Do you hear the difference? It’s not, “Why is this so hard for you?” And it’s definitely not, “What’s wrong with you that you can’t handle this like a normal, healthy human?”
It’s gentle. It’s clarifying.
And somehow, that small shift takes the shame right out of the conversation. Instead of assuming there’s something wrong with me, it helps me separate what’s actually hard from what’s not.
Because here’s the truth: not everything about this transition is hard. Some of it is, sure. But some of it is fun and exciting.
What about this is hard for you? helps me name only the hard part, while allowing the fun and exciting parts to rise to the surface, too.
And once I can clearly name the hard part, I can start doing the important work — the work of figuring out how to navigate that specific thing and move through this transition without a major meltdown.





I'm not crying, you're crying. I was smiling a bit, then nodding my head and I was F I N E until you got to the Actual Question. Wow; then I teared up.

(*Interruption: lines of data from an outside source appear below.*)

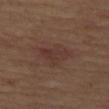| feature | finding |
|---|---|
| follow-up | imaged on a skin check; not biopsied |
| site | the left thigh |
| subject | female, in their 40s |
| acquisition | total-body-photography crop, ~15 mm field of view |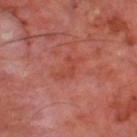No biopsy was performed on this lesion — it was imaged during a full skin examination and was not determined to be concerning. A 15 mm close-up tile from a total-body photography series done for melanoma screening. About 3.5 mm across. The total-body-photography lesion software estimated a lesion area of about 4.5 mm² and a shape-asymmetry score of about 0.5 (0 = symmetric). The analysis additionally found roughly 5 lightness units darker than nearby skin and a normalized border contrast of about 5.5. The software also gave an automated nevus-likeness rating near 0 out of 100 and a lesion-detection confidence of about 100/100. A male patient aged approximately 70. The lesion is located on the left thigh.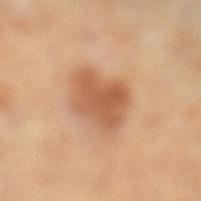biopsy_status: not biopsied; imaged during a skin examination
image:
  source: total-body photography crop
  field_of_view_mm: 15
automated_metrics:
  area_mm2_approx: 16.0
  eccentricity: 0.65
  shape_asymmetry: 0.2
  border_irregularity_0_10: 2.5
  color_variation_0_10: 3.5
  peripheral_color_asymmetry: 1.0
  nevus_likeness_0_100: 85
  lesion_detection_confidence_0_100: 100
site: right leg
lesion_size:
  long_diameter_mm_approx: 5.0
patient:
  sex: female
  age_approx: 65
lighting: cross-polarized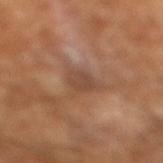follow-up = total-body-photography surveillance lesion; no biopsy | illumination = cross-polarized | acquisition = ~15 mm tile from a whole-body skin photo | size = ~2.5 mm (longest diameter) | patient = male, approximately 65 years of age.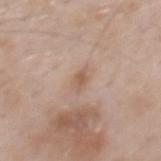<tbp_lesion>
  <biopsy_status>not biopsied; imaged during a skin examination</biopsy_status>
  <lesion_size>
    <long_diameter_mm_approx>2.5</long_diameter_mm_approx>
  </lesion_size>
  <automated_metrics>
    <area_mm2_approx>3.0</area_mm2_approx>
    <eccentricity>0.8</eccentricity>
    <shape_asymmetry>0.4</shape_asymmetry>
    <cielab_L>58</cielab_L>
    <cielab_a>17</cielab_a>
    <cielab_b>28</cielab_b>
    <vs_skin_darker_L>8.0</vs_skin_darker_L>
    <vs_skin_contrast_norm>6.0</vs_skin_contrast_norm>
    <nevus_likeness_0_100>0</nevus_likeness_0_100>
    <lesion_detection_confidence_0_100>100</lesion_detection_confidence_0_100>
  </automated_metrics>
  <patient>
    <sex>male</sex>
    <age_approx>60</age_approx>
  </patient>
  <lighting>white-light</lighting>
  <site>mid back</site>
  <image>
    <source>total-body photography crop</source>
    <field_of_view_mm>15</field_of_view_mm>
  </image>
</tbp_lesion>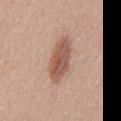Q: What is the anatomic site?
A: the chest
Q: What are the patient's age and sex?
A: male, aged 28 to 32
Q: What lighting was used for the tile?
A: white-light illumination
Q: How was this image acquired?
A: ~15 mm tile from a whole-body skin photo
Q: What is the lesion's diameter?
A: ~5 mm (longest diameter)

I meet monthly with a Spiritual Director (therapy-adjacent for sure) and every time I meet with her I'm thinking ahead of time, 'this is the thing I'm dealing with right now.' And I am never correct.
She asks a question and the floodgates unleash.
Here's to a life of healing because of Jesus' commitment to our well being. Thank you Sandy for saying so.
xo
That last question sounds like one we ask in Trauma Healing. 1. What happened? 2. How did it make you feel? 3. What was the hardest part for you?
Thanks for your post. Therapy definitely helps!